If all heroes/players have the same speed, that negates the ability to create speedsters.

Also, you don't get martial artists that are faster than the lumbering tank.

The great thing about Champions is the ability to simulate these.

 

13 hours ago, leons1701 said:

Exactly. I think the main thing you have to do is enforce a relatively narrow speed band, ie everybody must be between 2 and 4 or 3 and 5 or something like that. It's actually recommended you keep speeds relatively close in tabletop anyhow, you just need to be even stricter in PbP. Still skeptical about the long term prospects of a Champions PbP game, but with enough player buy in, at least you should be able to get past the first combat, which none of the four Champions games I've played here has managed.

 

11 hours ago, Blue Firebird said:

I don't think that you need the Speed chart to simulate speedsters.
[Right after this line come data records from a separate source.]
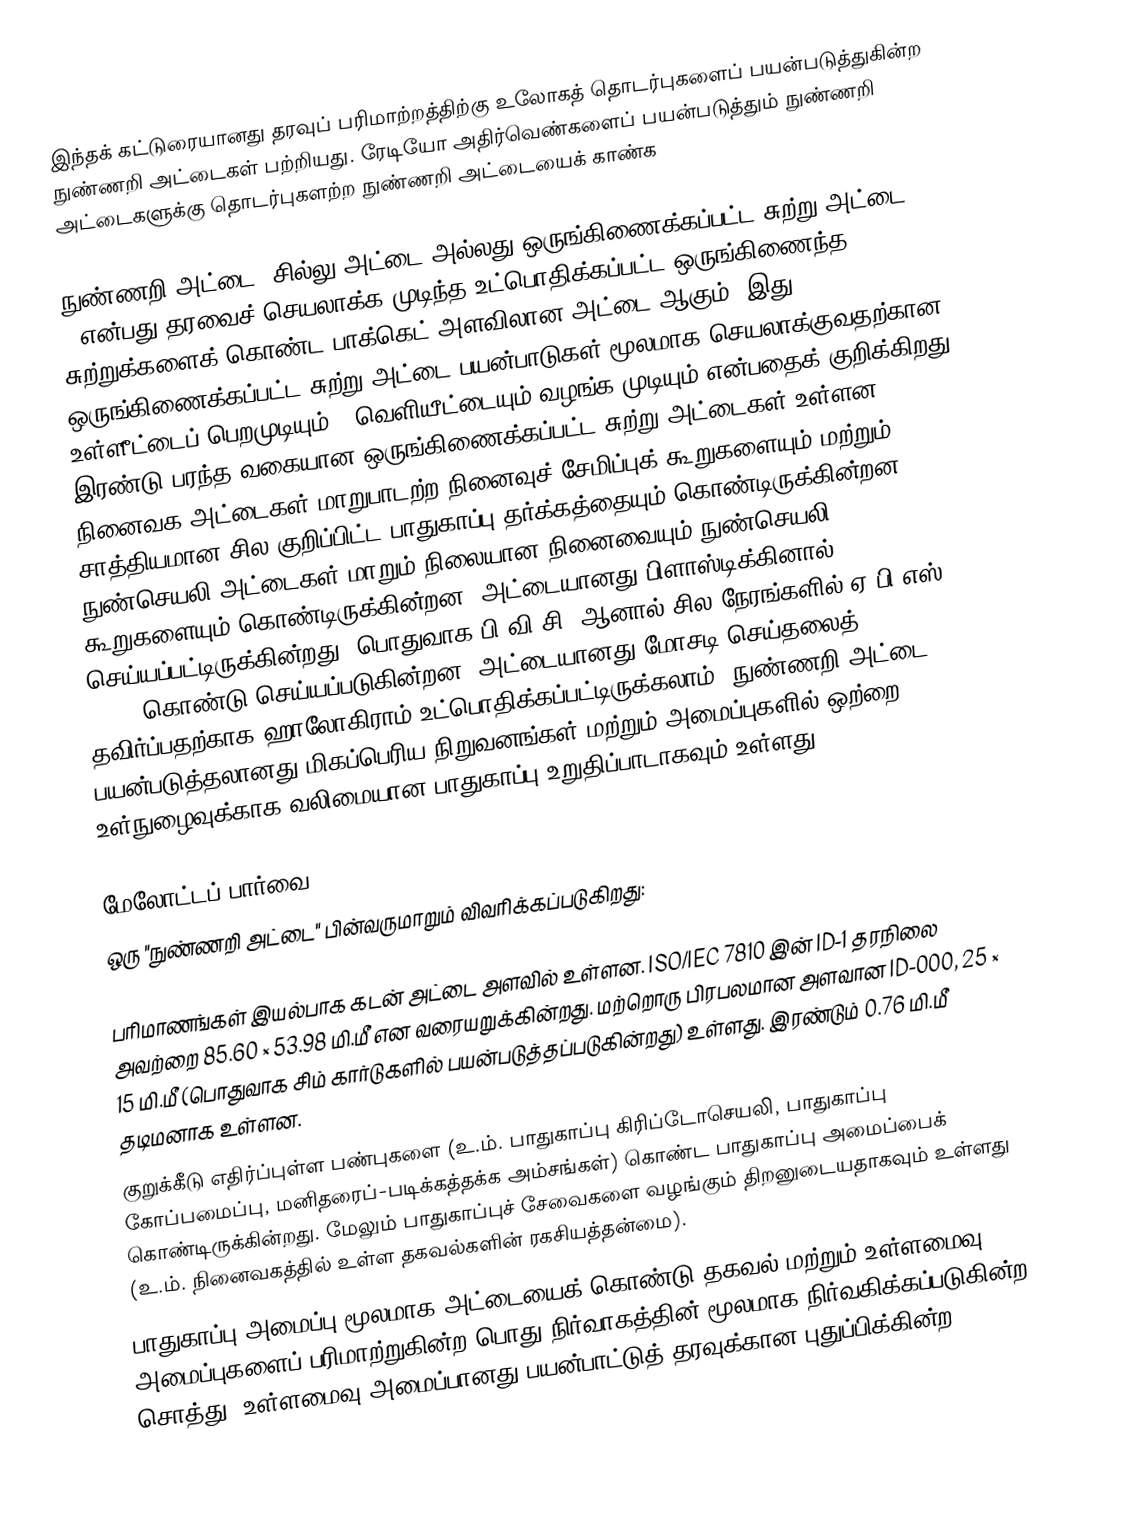
இந்தக் கட்டுரையானது தரவுப் பரிமாற்றத்திற்கு உலோகத் தொடர்புகளைப் பயன்படுத்துகின்ற நுண்ணறி அட்டைகள் பற்றியது.  ரேடியோ அதிர்வெண்களைப் பயன்படுத்தும் நுண்ணறி அட்டைகளுக்கு தொடர்புகளற்ற நுண்ணறி அட்டையைக் காண்க

நுண்ணறி அட்டை, சில்லு அட்டை அல்லது ஒருங்கிணைக்கப்பட்ட சுற்று அட்டை (ICC ) என்பது தரவைச் செயலாக்க முடிந்த உட்பொதிக்கப்பட்ட ஒருங்கிணைந்த சுற்றுக்களைக் கொண்ட பாக்கெட் அளவிலான அட்டை ஆகும். இது ஒருங்கிணைக்கப்பட்ட சுற்று அட்டை பயன்பாடுகள் மூலமாக செயலாக்குவதற்கான உள்ளீட்டைப் பெறமுடியும் — வெளியீட்டையும் வழங்க முடியும் என்பதைக் குறிக்கிறது. இரண்டு பரந்த வகையான ஒருங்கிணைக்கப்பட்ட சுற்று அட்டைகள் உள்ளன. நினைவக அட்டைகள் மாறுபாடற்ற நினைவுச் சேமிப்புக் கூறுகளையும் மற்றும் சாத்தியமான சில குறிப்பிட்ட பாதுகாப்பு தர்க்கத்தையும் கொண்டிருக்கின்றன. நுண்செயலி அட்டைகள் மாறும் நிலையான நினைவையும் நுண்செயலி கூறுகளையும் கொண்டிருக்கின்றன. அட்டையானது பிளாஸ்டிக்கினால் செய்யப்பட்டிருக்கின்றது. பொதுவாக பி.வி.சி, ஆனால் சில நேரங்களில் ஏ.பி.எஸ் (ABS) கொண்டு செய்யப்படுகின்றன. அட்டையானது மோசடி செய்தலைத் தவிர்ப்பதற்காக ஹாலோகிராம் உட்பொதிக்கப்பட்டிருக்கலாம். நுண்ணறி அட்டை பயன்படுத்தலானது மிகப்பெரிய நிறுவனங்கள் மற்றும் அமைப்புகளில் ஒற்றை உள்நுழைவுக்காக வலிமையான பாதுகாப்பு உறுதிப்பாடாகவும் உள்ளது.

மேலோட்டப் பார்வை
ஒரு "நுண்ணறி அட்டை" பின்வருமாறும் விவரிக்கப்படுகிறது:

 பரிமாணங்கள் இயல்பாக கடன் அட்டை அளவில் உள்ளன. ISO/IEC 7810 இன் ID-1 தரநிலை அவற்றை 85.60 × 53.98 மி.மீ என வரையறுக்கின்றது. மற்றொரு பிரபலமான அளவான ID-000, 25 × 15 மி.மீ (பொதுவாக சிம் கார்டுகளில் பயன்படுத்தப்படுகின்றது) உள்ளது. இரண்டும் 0.76 மி.மீ தடிமனாக உள்ளன.
 குறுக்கீடு எதிர்ப்புள்ள பண்புகளை (உ.ம். பாதுகாப்பு கிரிப்டோசெயலி, பாதுகாப்பு கோப்பமைப்பு, மனிதரைப்-படிக்கத்தக்க அம்சங்கள்) கொண்ட பாதுகாப்பு அமைப்பைக் கொண்டிருக்கின்றது. மேலும் பாதுகாப்புச் சேவைகளை வழங்கும் திறனுடையதாகவும் உள்ளது (உ.ம். நினைவகத்தில் உள்ள தகவல்களின் ரகசியத்தன்மை).
 பாதுகாப்பு அமைப்பு மூலமாக அட்டையைக் கொண்டு தகவல் மற்றும் உள்ளமைவு அமைப்புகளைப் பரிமாற்றுகின்ற பொது நிர்வாகத்தின் மூலமாக நிர்வகிக்கப்படுகின்ற சொத்து. உள்ளமைவு அமைப்பானது பயன்பாட்டுத் தரவுக்கான புதுப்பிக்கின்ற
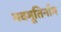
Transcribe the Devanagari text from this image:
भवभूतिर्नाम
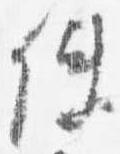
使
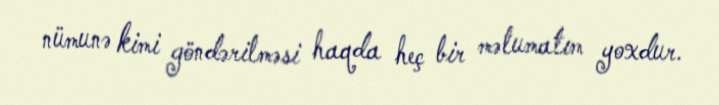
nümunə kimi göndərilməsi haqda heç bir məlumatım yoxdur.
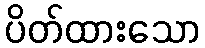
ပိတ်ထားသော
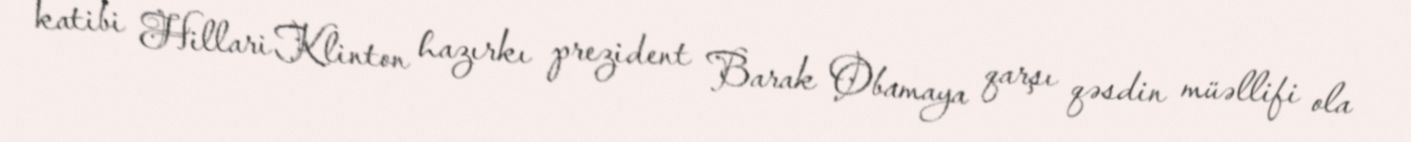
katibi Hillari Klinton hazırkı prezident Barak Obamaya qarşı qəsdin müəllifi ola
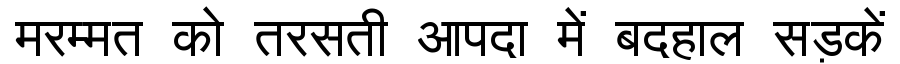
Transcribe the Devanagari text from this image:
मरम्मत को तरसती आपदा में बदहाल सड़कें
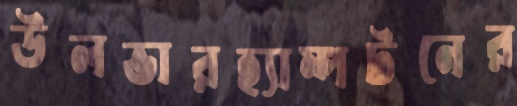
উলভারহ্যাম্পটনের
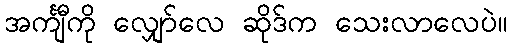
အင်္ကျီကို လျှော်လေ ဆိုဒ်က သေးလာလေပဲ။
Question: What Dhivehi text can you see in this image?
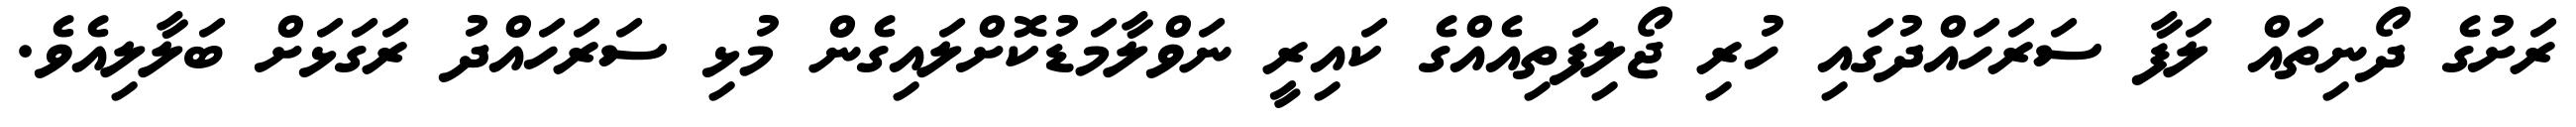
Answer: ރަށުގެ ދޯނިތައް ލަފާ ސަރަހައްދުގައި ހުރި ޖޯލިފަތިއެއްގެ ކައިރީ ނަވްލާމަޑުކޮށްލައިގެން މުޅި ސަރަހައްދު ރަގަޅަށް ބަލާލިއެވެ.
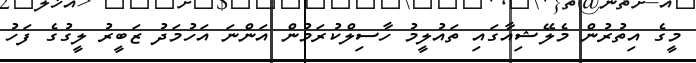
މީގެ އިތުރުން މެލޭޝިއާގައި ތައުލީމު ހާސިލްކުރަމުން އަންނަ އަހުމަދު ޒަބީރު ލީގުގެ ފަހު
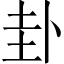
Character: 卦
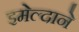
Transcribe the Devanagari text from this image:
इमेल्दाने
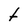
Character: t
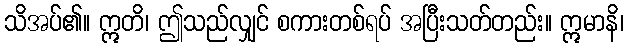
သိအပ်၏။ ဣတိ၊ ဤသည်လျှင် စကားတစ်ရပ် အပြီးသတ်တည်း။ ဣမာနိ၊
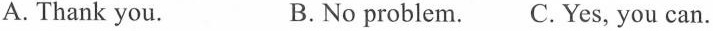
A. Thank you. B.No problem. C. Yes, you can.
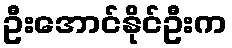
ဦးအောင်နိုင်ဦးက
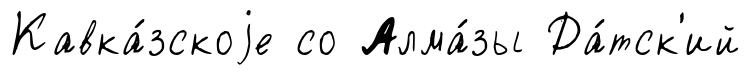
Кавка́зскоjе со Алма́зы Да́тск'ий
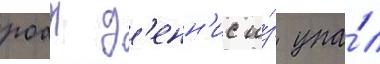
роан д'енн'ис и́з упа́л
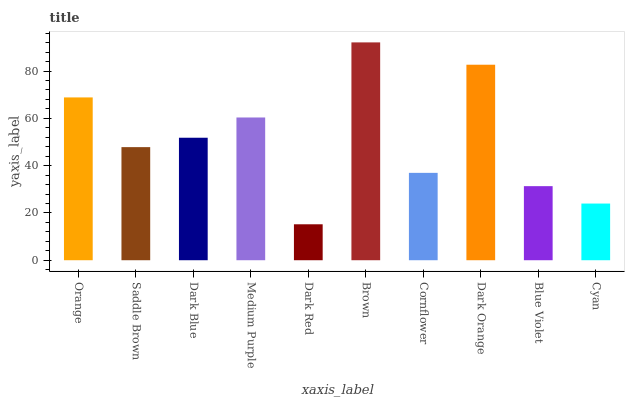
| xaxis_label | bars |
 | --- | --- |
 | Orange | 68.9 |
 | Saddle Brown | 47.8 |
 | Dark Blue | 51.8 |
 | Medium Purple | 60.4 |
 | Dark Red | 15.2 |
 | Brown | 92.1 |
 | Cornflower | 36.9 |
 | Dark Orange | 82.7 |
 | Blue Violet | 31.3 |
 | Cyan | 24 |
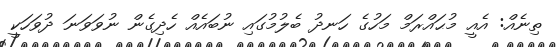
ތިނެއް: އެއީ މުޙައްރަމް މަހުގެ ހަނދު ބެލުމުގައި ނުބައެއް ހެދިގެން ނުވަވަނަ ދުވަހަކީ
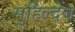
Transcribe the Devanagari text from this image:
सुहिल्देव
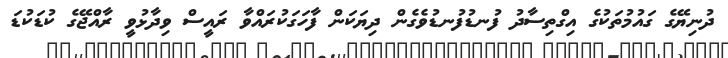
ދުނިޔޭގެ ގައުމުތަކުގެ އިގްތިސާދު ފުނޑުފުނޑުވެގެން ދިޔަކަން ފާހަގަކުރައްވާ ރައީސް ވިދާޅުވީ ރާއްޖޭގެ ކުޑަކުޑަ
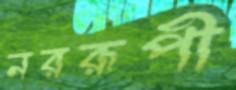
নররূপী
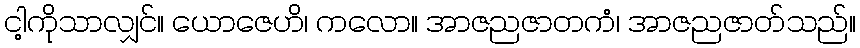
ငါ့ကိုသာလျှင်။ ယောဇေဟိ၊ ကလော။ အာဇညဇာတကံ၊ အာဇညဇာတ်သည်။
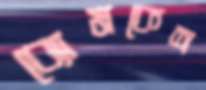
ব্যোমকেশ
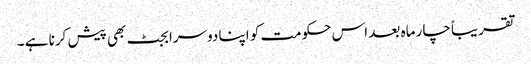
تقریباً چار ماہ بعد اس حکومت کو اپنا دوسرا بجٹ بھی پیش کرنا ہے ۔
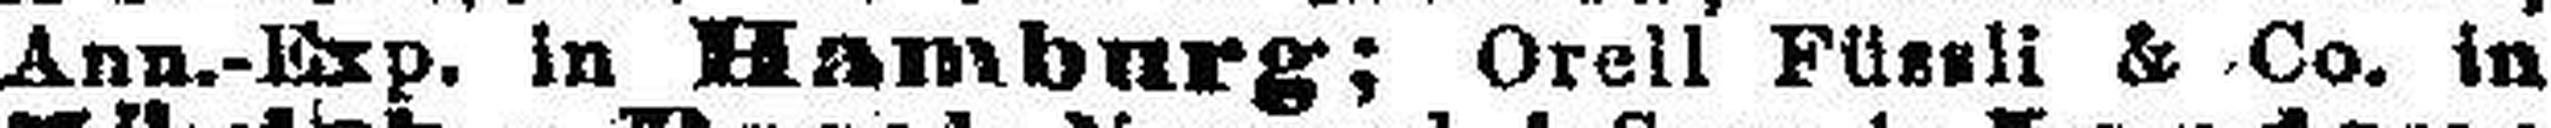
Ann.-Exp. in Hamburg; Orell Füssli & Co. in
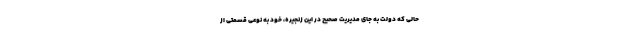
حالی که دولت به جای مدیریت صحیح در این زنجیره، خود به نوعی قسمتی از

In a lot of games, and even in a lot of media, they don't necessarily get tons of actions compared to everyone else. They have a lot of area effects. Speedsters do things like punch everyone in the area at superspeed (an AoE strike), manipulate multiple things in the environment at high speed (again, AoE effect here), move long distances or up walls, across water, etc. (pretty easy), or set up defensive situations. All of these are pretty easy to simulate in, say, M&M, where you aren't getting more actions than anyone else.

This is precisely the conversation I anticipated because it's an obvious problem that must be dealt with. My thinking is in line with @Blue Firebird. There are a lot of ways to simulate a speedster. Area effect on punch (I had a character with that exact power, which I creatively called "running around and hitting everyone") or intangibility as "Can't Hit What you Can't See."

@leons1701, that is a painful stat you bring up. Not even past the first combat? Ouch.

The problem with martial artists that @Roughtrade brings up is actually a little stickier than the speedster, IMHO. I haven't given it a lot of thought. It's the HERO system, though, there must be a way to do it without needing a high Speed attribute. Maybe a Damage Shield to represent counter-attacks or something.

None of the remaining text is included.